Task brief:
All entries are to be reproduced exactly; the pictures are to be omitted.

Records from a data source
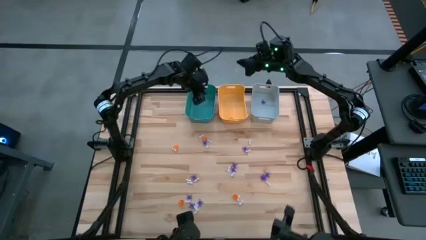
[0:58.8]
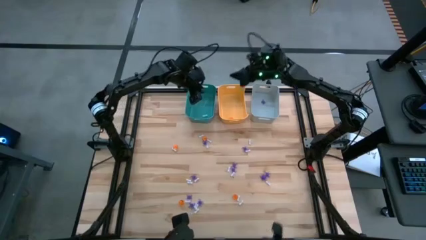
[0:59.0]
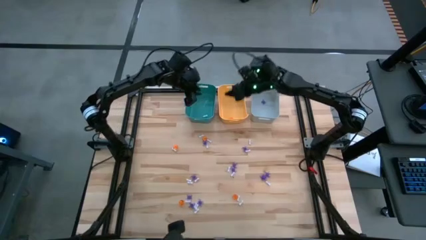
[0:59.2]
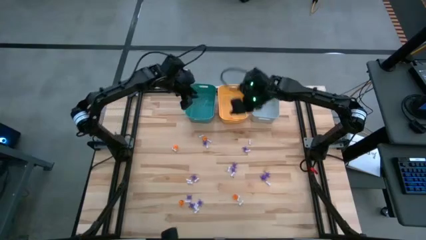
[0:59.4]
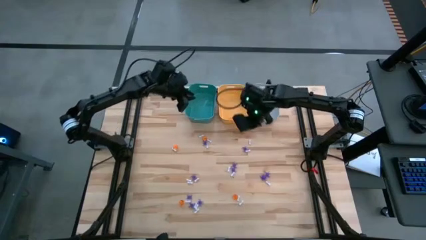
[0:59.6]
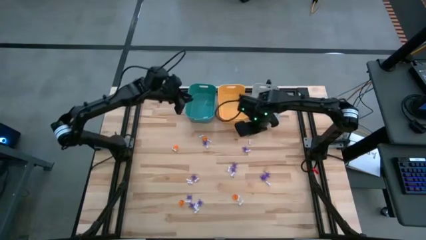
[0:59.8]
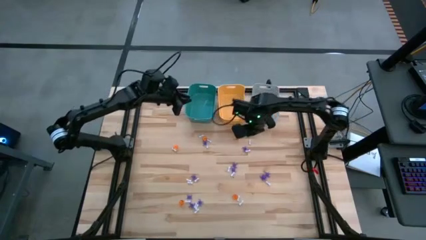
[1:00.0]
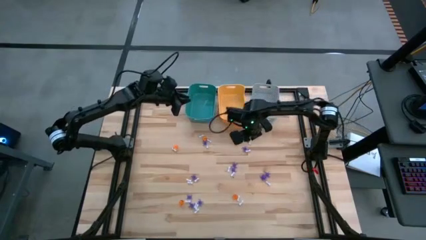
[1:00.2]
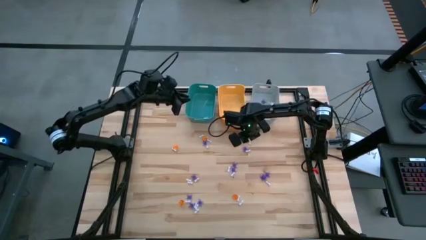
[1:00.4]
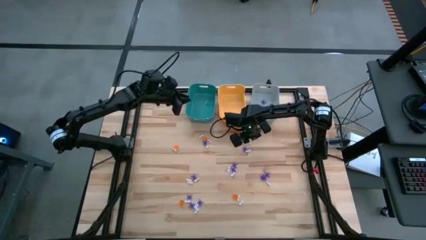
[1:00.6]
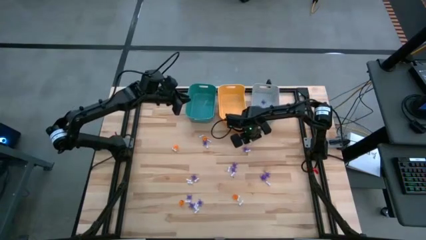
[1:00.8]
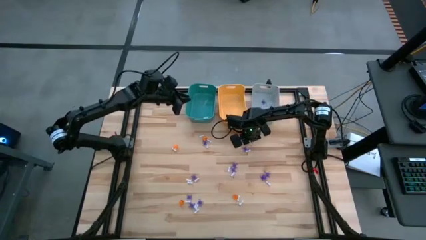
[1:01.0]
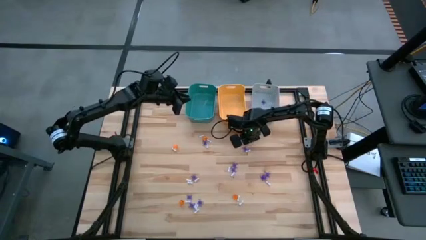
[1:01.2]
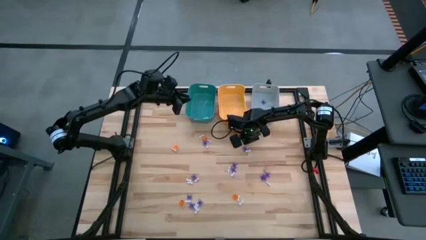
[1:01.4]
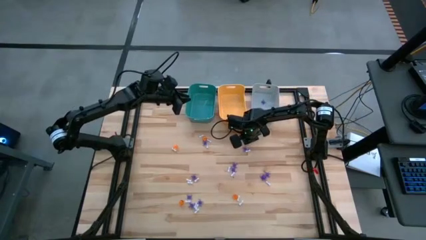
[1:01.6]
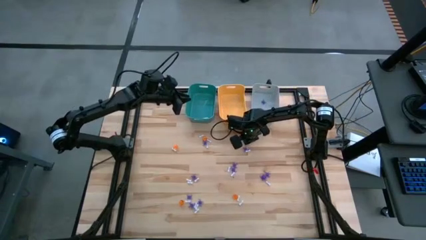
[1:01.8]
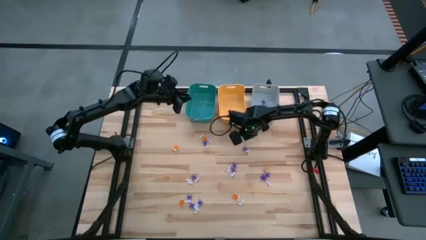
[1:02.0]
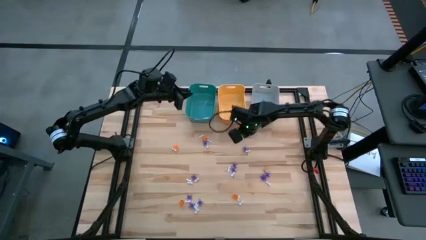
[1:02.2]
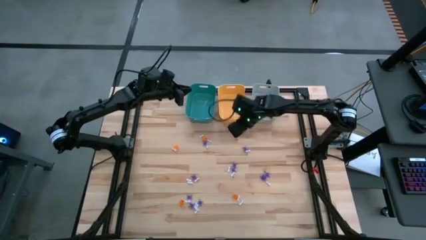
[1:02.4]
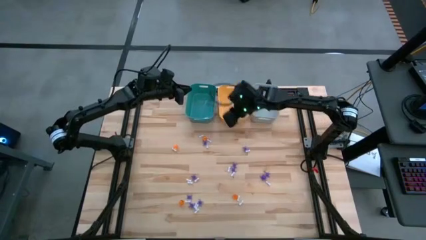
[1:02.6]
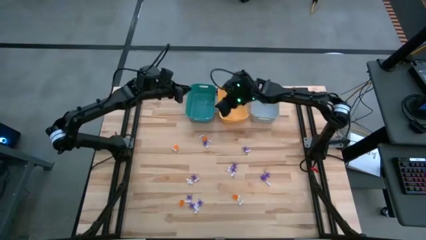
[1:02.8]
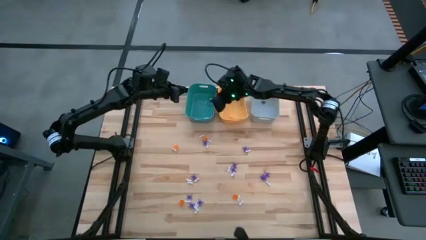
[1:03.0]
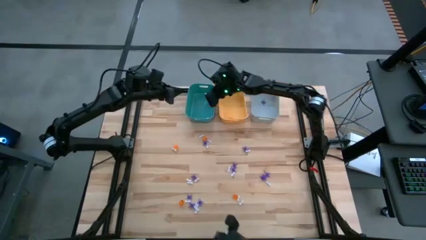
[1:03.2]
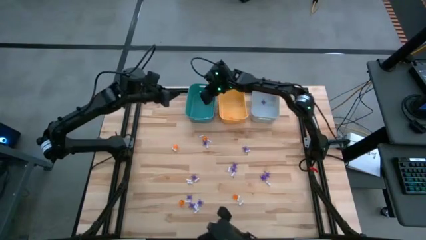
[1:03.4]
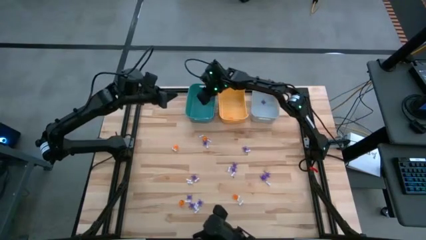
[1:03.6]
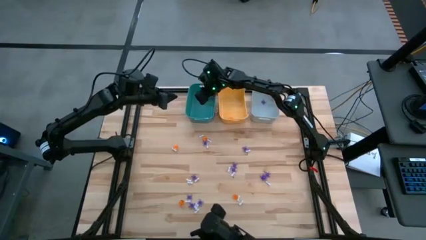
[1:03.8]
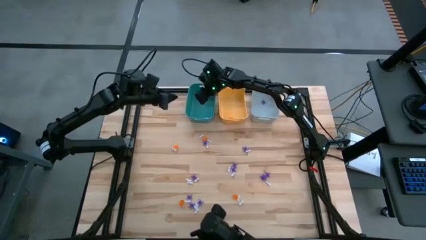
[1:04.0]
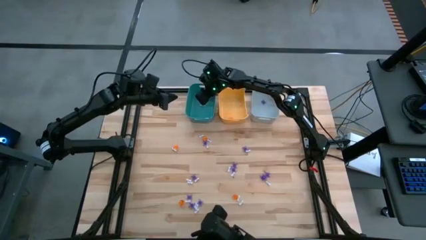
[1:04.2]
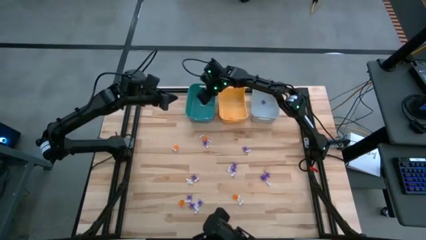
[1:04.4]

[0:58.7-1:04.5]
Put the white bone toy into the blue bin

Result of the exercise:
[0:58.8]
[0:59.0]
[0:59.2]
[0:59.4]
[0:59.6]
[0:59.8]
[1:00.0]
[1:00.2]
[1:00.4]
[1:00.6]
[1:00.8]
[1:01.0]
[1:01.2]
[1:01.4]
[1:01.6]
[1:01.8]
[1:02.0]
[1:02.2]
[1:02.4]
[1:02.6]
[1:02.8]
[1:03.0]
[1:03.2]
[1:03.4]
[1:03.6]
[1:03.8]
[1:04.0]
[1:04.2]
[1:04.4]

[0:58.7-1:04.5]
Put the white bone toy into the blue bin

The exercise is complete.